I love motion and movement. To me, there is no learning without doing, and once a decision to act has been made, there must be action. As an adolescent, this impulse led me to do some things that I am not prepared to write about, except to say that I’m glad I am still here and able to write this blog post. In the young adult years of my life, I was the guy who could turn thought into action. Give me the signal that we need to complete a project, move product, or get a group that was stuck in the planning process to produce results, and I was your guy. In this process I learned that, although I could make things happen, you could usually find some carnage left behind in my wake of motion. Yet, to my way of thinking, this was necessary collateral damage to accomplish a goal or complete a task.

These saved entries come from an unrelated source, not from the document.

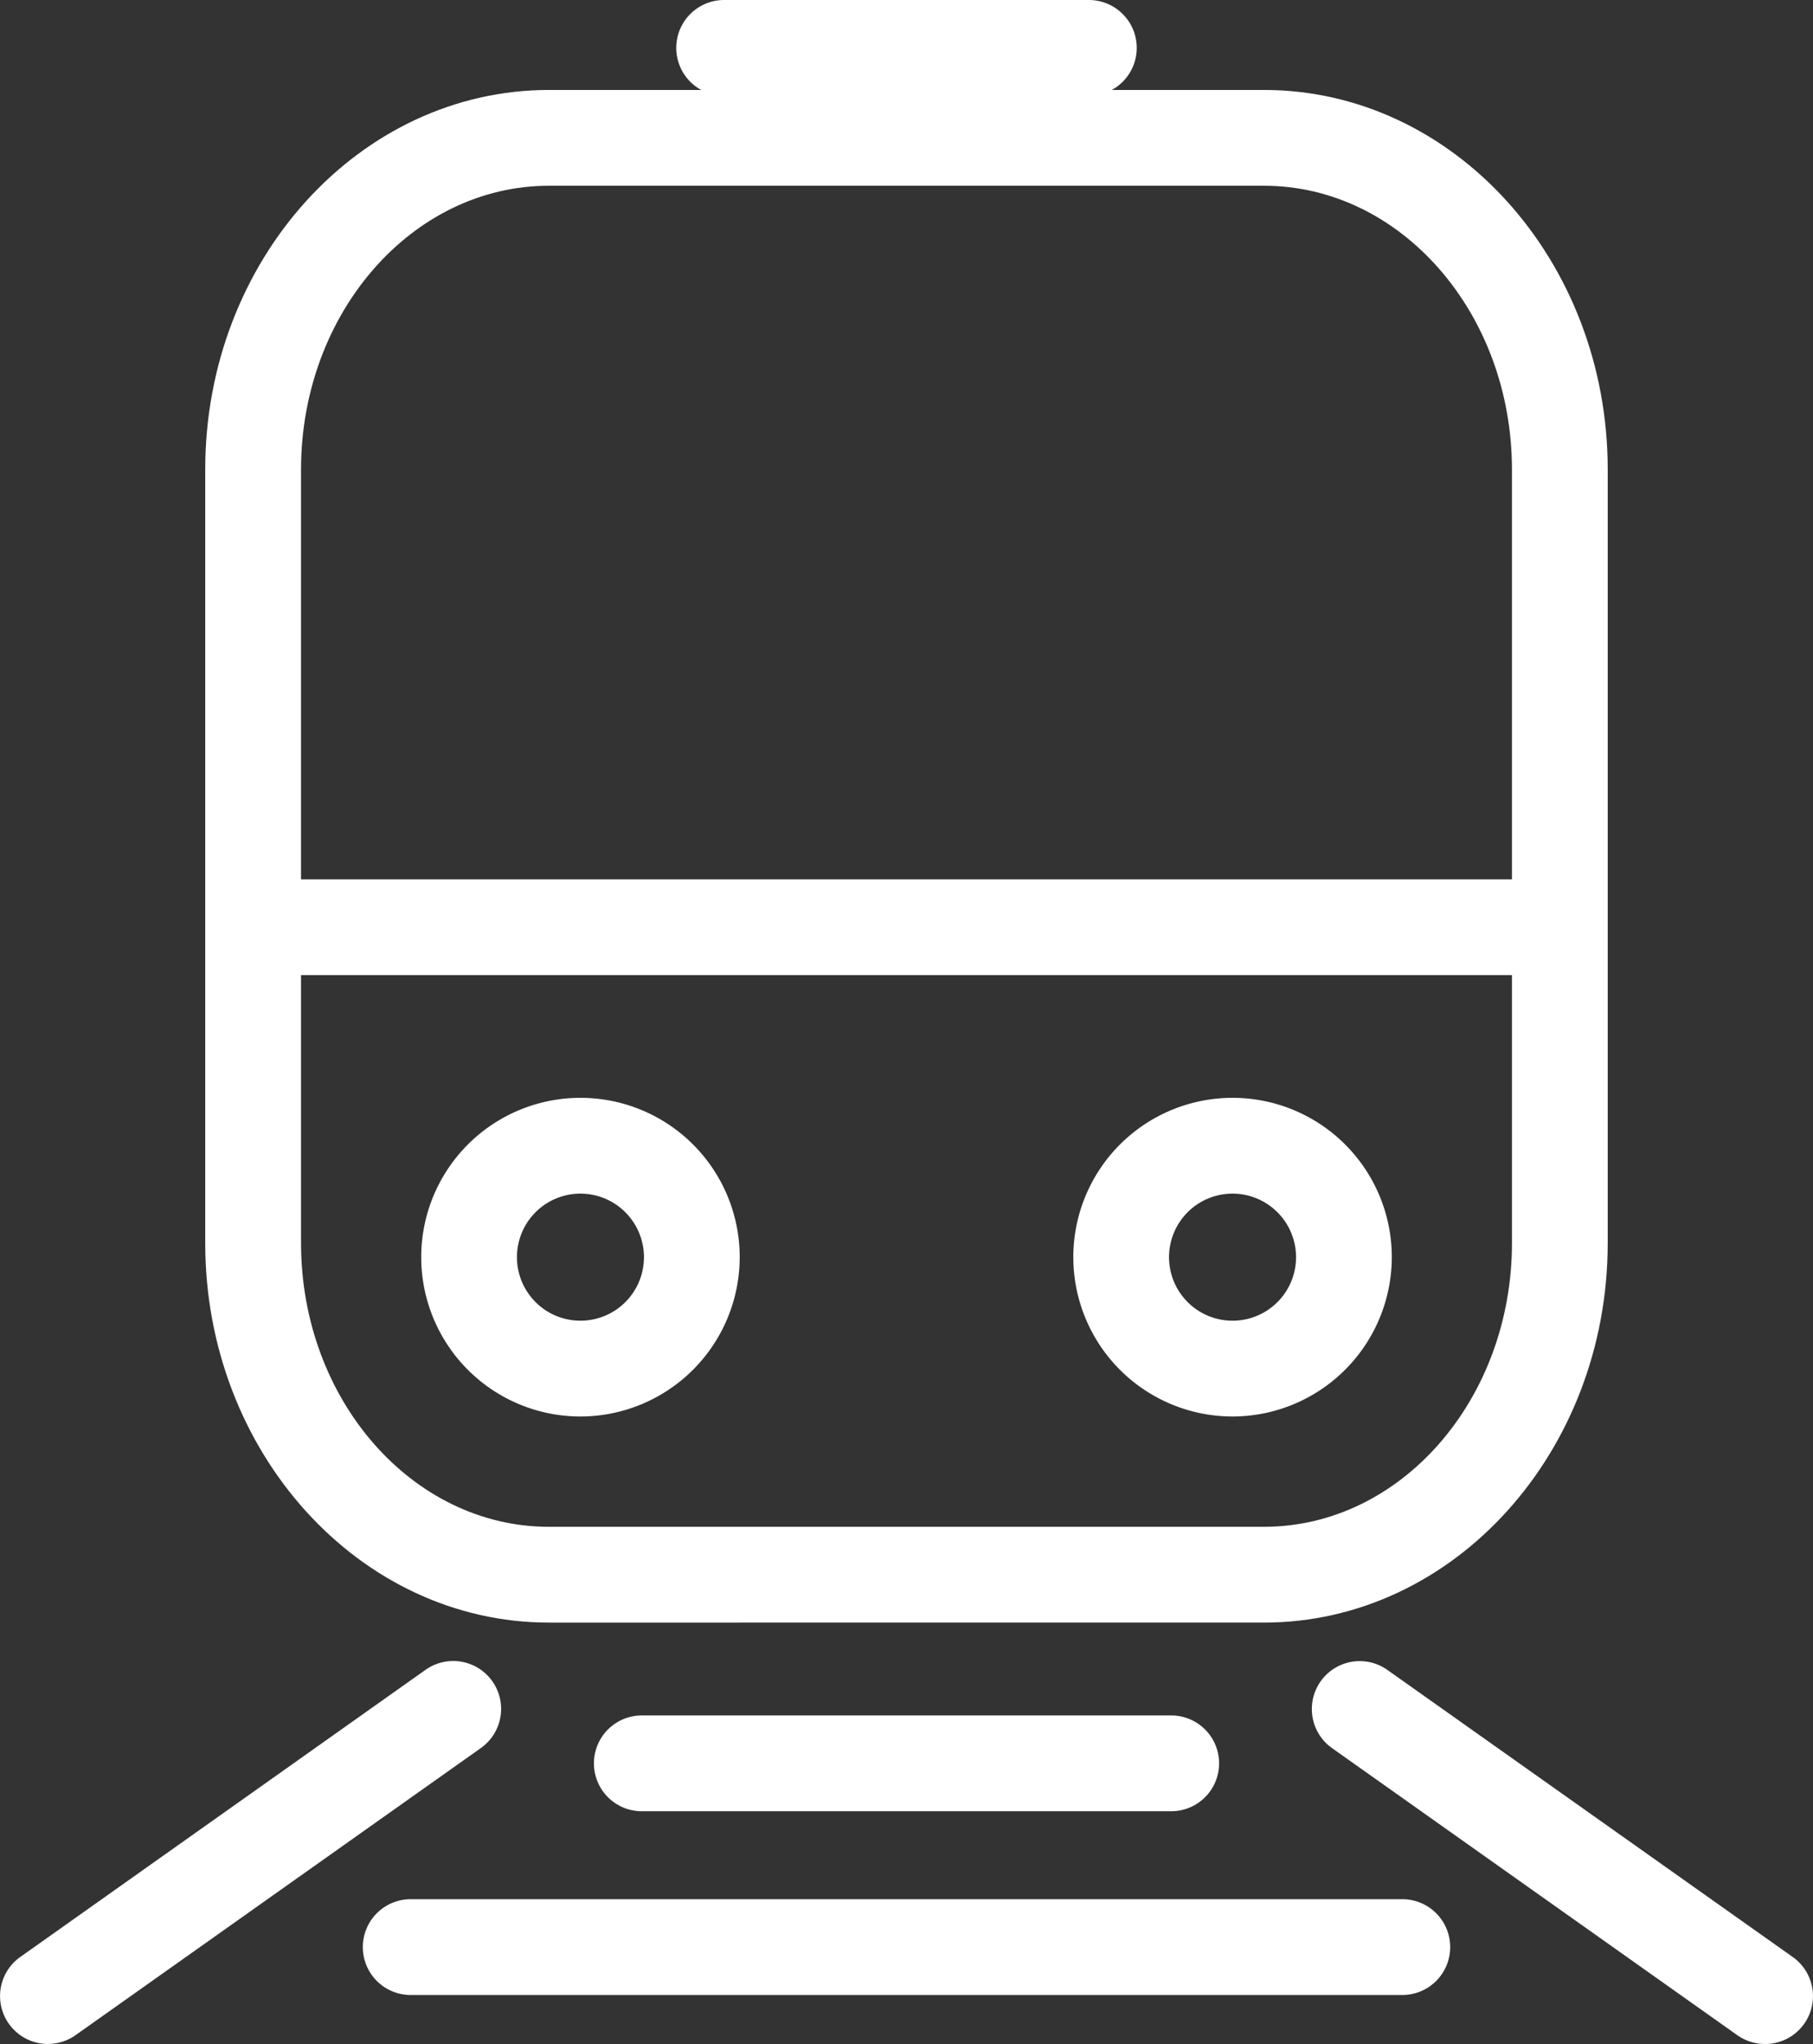<svg xmlns="http://www.w3.org/2000/svg" xmlns:xlink="http://www.w3.org/1999/xlink" width="124.465" height="140.247" viewBox="0 0 124.465 140.247">
  <rect x="0" y="0" width="124.465" height="140.247" fill="#333333" stroke="none"/>
  <defs>
    <clipPath id="clip-path">
      <rect id="Rechteck_3090" data-name="Rechteck 3090" width="124.465" height="140.247" fill="none"/>
    </clipPath>
  </defs>
  <g id="Gruppe_20228" data-name="Gruppe 20228" transform="translate(0 0)">
    <g id="Gruppe_20227" data-name="Gruppe 20227" transform="translate(0 0)" clip-path="url(#clip-path)">
      <path id="Pfad_46402" data-name="Pfad 46402" d="M80.183,3.287H31.1C18.089,3.287,7.5,14.968,7.5,29.325V82.41c0,14.357,10.584,26.038,23.594,26.038H80.183c13.012,0,23.6-11.681,23.6-26.038V29.325c0-14.357-10.586-26.038-23.6-26.038M31.1,9.86H80.183c9.388,0,17.025,8.731,17.025,19.465V57.449H14.078V29.325C14.078,18.59,21.714,9.86,31.1,9.86m49.084,92.016H31.1c-9.386,0-17.022-8.731-17.022-19.465V64.022H97.209V82.41c0,10.734-7.638,19.465-17.025,19.465" transform="translate(6.589 2.885)" fill="#fff"/>
      <path id="Pfad_46403" data-name="Pfad 46403" d="M53.047,6.573H28.008a3.286,3.286,0,1,1,0-6.573H53.047a3.286,3.286,0,0,1,0,6.573" transform="translate(21.705 0)" fill="#fff"/>
      <path id="Pfad_46404" data-name="Pfad 46404" d="M26.33,61.976A10.932,10.932,0,1,1,37.264,51.044,10.945,10.945,0,0,1,26.33,61.976m0-15.292a4.36,4.36,0,1,0,4.361,4.361,4.366,4.366,0,0,0-4.361-4.361" transform="translate(13.518 35.215)" fill="#fff"/>
      <path id="Pfad_46405" data-name="Pfad 46405" d="M50.171,61.976A10.932,10.932,0,1,1,61.1,51.044a10.945,10.945,0,0,1-10.93,10.932m0-15.292a4.36,4.36,0,1,0,4.357,4.361,4.366,4.366,0,0,0-4.357-4.361" transform="translate(34.449 35.215)" fill="#fff"/>
      <path id="Pfad_46406" data-name="Pfad 46406" d="M3.29,86.966A3.287,3.287,0,0,1,1.386,81L29.215,61.293a3.287,3.287,0,0,1,3.8,5.365L5.187,86.362a3.281,3.281,0,0,1-1.9.6" transform="translate(0 53.28)" fill="#fff"/>
      <path id="Pfad_46407" data-name="Pfad 46407" d="M79.069,86.965a3.281,3.281,0,0,1-1.9-.6l-27.827-19.7a3.287,3.287,0,0,1,3.8-5.365L80.973,81a3.287,3.287,0,0,1-1.9,5.968" transform="translate(42.105 53.281)" fill="#fff"/>
      <path id="Pfad_46408" data-name="Pfad 46408" d="M84.626,75.964H16.55a3.286,3.286,0,1,1,0-6.573H84.626a3.286,3.286,0,0,1,0,6.573" transform="translate(11.645 60.921)" fill="#fff"/>
      <path id="Pfad_46409" data-name="Pfad 46409" d="M61.345,69.25H25a3.286,3.286,0,0,1,0-6.573H61.345a3.286,3.286,0,0,1,0,6.573" transform="translate(19.061 55.027)" fill="#fff"/>
    </g>
  </g>
</svg>

When presented with the opportunity to take the Clifton StrengthsFinder (CSF), I was elated to find the theme Activator in my Signature Themes. Armed with this new term to describe my strength, I continued to push hard to be the person who could get things done. Over the course of time, the carnage caught up with me. My working relationships deteriorated as people began to lose confidence in my leadership abilities. Instead of being known as the hero who could produce the results, I was known as an impetuous person who was often impatient and hard to deal with. How could this be? Wasn’t I simply working out of my strength?

I’ve heard it said that most men get their brains when they turn 30. Apparently, I resemble this comment, as it took me about that long to come to the realization that I needed to reconsider my definition of the Activator theme and how it worked in my life. Perhaps if I had read the application section of the theme report provided by Gallup for each person who participates in the CSF, I would have learned this sooner. In this section, a person especially talented in the Activator theme is encouraged to partner with people who are strong in themes such as Analytical, so as to gain a different perspective before taking action on an initiative. As I grew older and wiser, thank God, this was the approach I took for my life and career. Instead of rushing into action, I learned to seek counsel from those who would take a different approach to the plan and actually listen to their advice before moving forward.

Each of us has within ourselves amazing talents that can be cultivated into strengths. The cultivation process requires training, knowledge, and intentional effort to transform latent or misused talent into strengths. In order to achieve success, tools such as the CSF can aid us in gaining greater self-awareness and increased knowledge on how to grow in our strengths. I still love motion. Action is my first thought when a decision has been made, and I can still be found to be impatient. Yet, armed with a new understanding of strengths, this Activator has gone through a reformation and now sees greater results, and much less carnage, as the strength is developed.

Brandon Miller is the Managing Partner and Business and Strengths Coach for Avaunt Advantage, LLC. With over 15 years of experience in business development and ownership, Miller is an advocate for the strengths-based revolution as he works to help others discover their innate talents and develop them into strengths. Miller resides in Elk Grove, California, with his wife and their seven children.